TASK STATEMENT ▸ Each line of the data below from the one holding "## Action Space" to the one holding "Object type: Print", inclusive, is to be reproduced exactly; no other line belongs in the answer.

THE DATA ▸
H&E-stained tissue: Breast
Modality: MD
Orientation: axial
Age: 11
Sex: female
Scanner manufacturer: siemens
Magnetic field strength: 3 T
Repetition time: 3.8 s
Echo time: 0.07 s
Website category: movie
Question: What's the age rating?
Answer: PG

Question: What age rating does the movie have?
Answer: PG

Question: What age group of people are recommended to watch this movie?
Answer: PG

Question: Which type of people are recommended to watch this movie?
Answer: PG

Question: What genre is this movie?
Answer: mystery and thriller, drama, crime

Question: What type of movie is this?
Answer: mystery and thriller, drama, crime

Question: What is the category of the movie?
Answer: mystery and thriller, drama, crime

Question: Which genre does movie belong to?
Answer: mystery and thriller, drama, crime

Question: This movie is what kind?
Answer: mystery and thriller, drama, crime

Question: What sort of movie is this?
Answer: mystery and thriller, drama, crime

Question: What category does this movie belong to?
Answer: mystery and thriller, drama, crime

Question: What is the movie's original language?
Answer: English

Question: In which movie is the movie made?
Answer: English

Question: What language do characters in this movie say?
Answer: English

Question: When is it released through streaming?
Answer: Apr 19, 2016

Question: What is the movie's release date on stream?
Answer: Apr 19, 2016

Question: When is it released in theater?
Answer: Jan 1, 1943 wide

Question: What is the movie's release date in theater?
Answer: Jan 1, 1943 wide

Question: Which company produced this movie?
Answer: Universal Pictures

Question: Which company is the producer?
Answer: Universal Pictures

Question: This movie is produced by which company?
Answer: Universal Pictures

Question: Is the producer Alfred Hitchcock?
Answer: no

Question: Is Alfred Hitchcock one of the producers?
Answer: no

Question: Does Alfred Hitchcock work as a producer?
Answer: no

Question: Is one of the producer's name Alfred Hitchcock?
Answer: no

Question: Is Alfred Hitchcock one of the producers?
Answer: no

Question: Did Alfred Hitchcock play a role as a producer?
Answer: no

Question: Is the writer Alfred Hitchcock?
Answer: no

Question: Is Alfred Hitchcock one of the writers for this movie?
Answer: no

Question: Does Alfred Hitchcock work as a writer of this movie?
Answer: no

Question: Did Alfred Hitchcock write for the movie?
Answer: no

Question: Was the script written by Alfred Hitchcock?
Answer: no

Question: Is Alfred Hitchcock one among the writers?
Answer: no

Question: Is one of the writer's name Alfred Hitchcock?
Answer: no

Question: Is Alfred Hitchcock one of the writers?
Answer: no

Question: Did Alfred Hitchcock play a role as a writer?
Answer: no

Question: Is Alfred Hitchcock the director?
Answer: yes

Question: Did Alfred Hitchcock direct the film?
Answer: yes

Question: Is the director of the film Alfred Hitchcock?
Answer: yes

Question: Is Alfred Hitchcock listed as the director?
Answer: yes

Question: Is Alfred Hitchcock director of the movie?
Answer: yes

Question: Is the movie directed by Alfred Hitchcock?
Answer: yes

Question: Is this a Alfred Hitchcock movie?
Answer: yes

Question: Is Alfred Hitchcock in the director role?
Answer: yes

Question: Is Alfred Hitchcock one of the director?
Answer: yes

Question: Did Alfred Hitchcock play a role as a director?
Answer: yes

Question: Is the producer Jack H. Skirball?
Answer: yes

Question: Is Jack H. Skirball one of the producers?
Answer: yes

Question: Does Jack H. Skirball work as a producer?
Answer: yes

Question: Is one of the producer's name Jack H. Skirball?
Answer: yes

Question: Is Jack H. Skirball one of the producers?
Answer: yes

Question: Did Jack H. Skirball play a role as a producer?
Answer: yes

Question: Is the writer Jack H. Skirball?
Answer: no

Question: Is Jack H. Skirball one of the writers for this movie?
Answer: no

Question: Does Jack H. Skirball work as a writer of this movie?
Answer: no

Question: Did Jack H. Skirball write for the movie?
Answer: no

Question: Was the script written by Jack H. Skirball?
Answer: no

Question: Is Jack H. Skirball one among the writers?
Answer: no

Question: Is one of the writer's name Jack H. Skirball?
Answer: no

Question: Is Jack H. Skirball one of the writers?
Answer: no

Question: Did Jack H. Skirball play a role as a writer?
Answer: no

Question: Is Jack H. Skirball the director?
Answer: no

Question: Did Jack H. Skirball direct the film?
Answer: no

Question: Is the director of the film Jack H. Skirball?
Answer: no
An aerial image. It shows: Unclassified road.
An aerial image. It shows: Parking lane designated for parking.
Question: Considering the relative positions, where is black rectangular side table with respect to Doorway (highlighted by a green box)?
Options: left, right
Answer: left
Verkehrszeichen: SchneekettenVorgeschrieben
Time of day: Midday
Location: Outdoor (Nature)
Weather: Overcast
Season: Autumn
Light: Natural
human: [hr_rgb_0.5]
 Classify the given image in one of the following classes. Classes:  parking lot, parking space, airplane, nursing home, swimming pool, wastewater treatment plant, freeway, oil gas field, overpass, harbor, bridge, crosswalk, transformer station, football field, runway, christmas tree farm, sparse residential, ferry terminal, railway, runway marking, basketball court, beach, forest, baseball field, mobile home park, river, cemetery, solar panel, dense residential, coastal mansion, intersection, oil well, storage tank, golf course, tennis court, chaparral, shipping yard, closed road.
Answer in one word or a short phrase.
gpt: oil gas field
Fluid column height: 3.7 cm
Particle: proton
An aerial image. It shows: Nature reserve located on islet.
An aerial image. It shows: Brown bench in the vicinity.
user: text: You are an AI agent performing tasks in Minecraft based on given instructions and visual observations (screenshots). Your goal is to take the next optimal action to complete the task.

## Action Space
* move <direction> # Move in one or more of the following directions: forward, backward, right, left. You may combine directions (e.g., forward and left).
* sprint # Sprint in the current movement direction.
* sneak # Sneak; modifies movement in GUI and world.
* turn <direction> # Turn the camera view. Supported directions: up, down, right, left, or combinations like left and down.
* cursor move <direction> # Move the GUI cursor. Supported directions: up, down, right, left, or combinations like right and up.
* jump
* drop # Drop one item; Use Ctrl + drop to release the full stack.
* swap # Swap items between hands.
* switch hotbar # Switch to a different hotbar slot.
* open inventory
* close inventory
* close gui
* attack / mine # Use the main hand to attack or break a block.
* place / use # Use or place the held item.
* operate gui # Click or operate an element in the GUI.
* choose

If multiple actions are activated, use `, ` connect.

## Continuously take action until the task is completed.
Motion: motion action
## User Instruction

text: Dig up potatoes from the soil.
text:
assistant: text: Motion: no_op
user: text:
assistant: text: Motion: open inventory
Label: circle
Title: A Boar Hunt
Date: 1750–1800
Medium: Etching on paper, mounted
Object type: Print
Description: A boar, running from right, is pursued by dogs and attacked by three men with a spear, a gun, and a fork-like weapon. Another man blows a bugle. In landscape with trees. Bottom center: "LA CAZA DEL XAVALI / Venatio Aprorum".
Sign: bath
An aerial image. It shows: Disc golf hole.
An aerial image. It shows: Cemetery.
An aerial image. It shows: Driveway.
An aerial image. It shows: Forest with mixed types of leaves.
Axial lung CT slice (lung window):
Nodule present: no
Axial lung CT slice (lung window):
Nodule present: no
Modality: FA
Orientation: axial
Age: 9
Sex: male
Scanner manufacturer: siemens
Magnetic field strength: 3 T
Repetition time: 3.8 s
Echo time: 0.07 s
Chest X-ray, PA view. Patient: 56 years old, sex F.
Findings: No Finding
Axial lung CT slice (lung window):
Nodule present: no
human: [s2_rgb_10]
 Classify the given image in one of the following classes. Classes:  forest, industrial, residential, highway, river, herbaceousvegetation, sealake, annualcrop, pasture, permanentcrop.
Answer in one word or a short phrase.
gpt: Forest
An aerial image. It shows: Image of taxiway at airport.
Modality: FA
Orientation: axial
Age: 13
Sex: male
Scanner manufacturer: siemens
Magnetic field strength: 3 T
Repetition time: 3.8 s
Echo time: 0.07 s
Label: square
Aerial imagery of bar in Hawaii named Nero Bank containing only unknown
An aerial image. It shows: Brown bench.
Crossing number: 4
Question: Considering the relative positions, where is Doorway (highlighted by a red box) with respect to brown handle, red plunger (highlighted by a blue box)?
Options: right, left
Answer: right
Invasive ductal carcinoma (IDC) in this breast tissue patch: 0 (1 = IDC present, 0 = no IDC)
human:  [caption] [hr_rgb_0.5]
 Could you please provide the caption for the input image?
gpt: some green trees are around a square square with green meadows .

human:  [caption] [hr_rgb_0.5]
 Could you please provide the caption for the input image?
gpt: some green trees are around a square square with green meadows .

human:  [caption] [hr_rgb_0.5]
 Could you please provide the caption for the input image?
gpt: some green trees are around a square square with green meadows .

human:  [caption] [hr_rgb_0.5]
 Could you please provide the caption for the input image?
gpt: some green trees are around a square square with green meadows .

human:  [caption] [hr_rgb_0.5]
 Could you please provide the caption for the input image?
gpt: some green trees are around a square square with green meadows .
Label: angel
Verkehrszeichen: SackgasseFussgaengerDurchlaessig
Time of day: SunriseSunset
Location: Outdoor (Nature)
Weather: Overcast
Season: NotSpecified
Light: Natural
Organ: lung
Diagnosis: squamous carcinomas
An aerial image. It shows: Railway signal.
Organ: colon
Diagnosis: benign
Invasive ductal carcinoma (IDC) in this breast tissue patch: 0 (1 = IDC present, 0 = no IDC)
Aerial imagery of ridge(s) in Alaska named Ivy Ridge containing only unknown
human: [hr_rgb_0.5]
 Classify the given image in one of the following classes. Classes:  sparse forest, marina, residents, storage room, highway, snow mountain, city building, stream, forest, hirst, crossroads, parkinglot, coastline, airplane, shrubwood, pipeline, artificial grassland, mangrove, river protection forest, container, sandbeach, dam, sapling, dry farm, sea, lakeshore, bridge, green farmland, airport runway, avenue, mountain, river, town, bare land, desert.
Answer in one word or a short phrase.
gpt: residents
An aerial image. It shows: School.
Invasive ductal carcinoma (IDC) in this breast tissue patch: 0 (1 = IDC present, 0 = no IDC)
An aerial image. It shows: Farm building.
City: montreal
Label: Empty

TASK ANSWER ▸
## Action Space
* move <direction> # Move in one or more of the following directions: forward, backward, right, left. You may combine directions (e.g., forward and left).
* sprint # Sprint in the current movement direction.
* sneak # Sneak; modifies movement in GUI and world.
* turn <direction> # Turn the camera view. Supported directions: up, down, right, left, or combinations like left and down.
* cursor move <direction> # Move the GUI cursor. Supported directions: up, down, right, left, or combinations like right and up.
* jump
* drop # Drop one item; Use Ctrl + drop to release the full stack.
* swap # Swap items between hands.
* switch hotbar # Switch to a different hotbar slot.
* open inventory
* close inventory
* close gui
* attack / mine # Use the main hand to attack or break a block.
* place / use # Use or place the held item.
* operate gui # Click or operate an element in the GUI.
* choose

If multiple actions are activated, use `, ` connect.

## Continuously take action until the task is completed.
Motion: motion action
## User Instruction

text: Dig up potatoes from the soil.
text:
assistant: text: Motion: no_op
user: text:
assistant: text: Motion: open inventory
Label: circle
Title: A Boar Hunt
Date: 1750–1800
Medium: Etching on paper, mounted
Object type: Print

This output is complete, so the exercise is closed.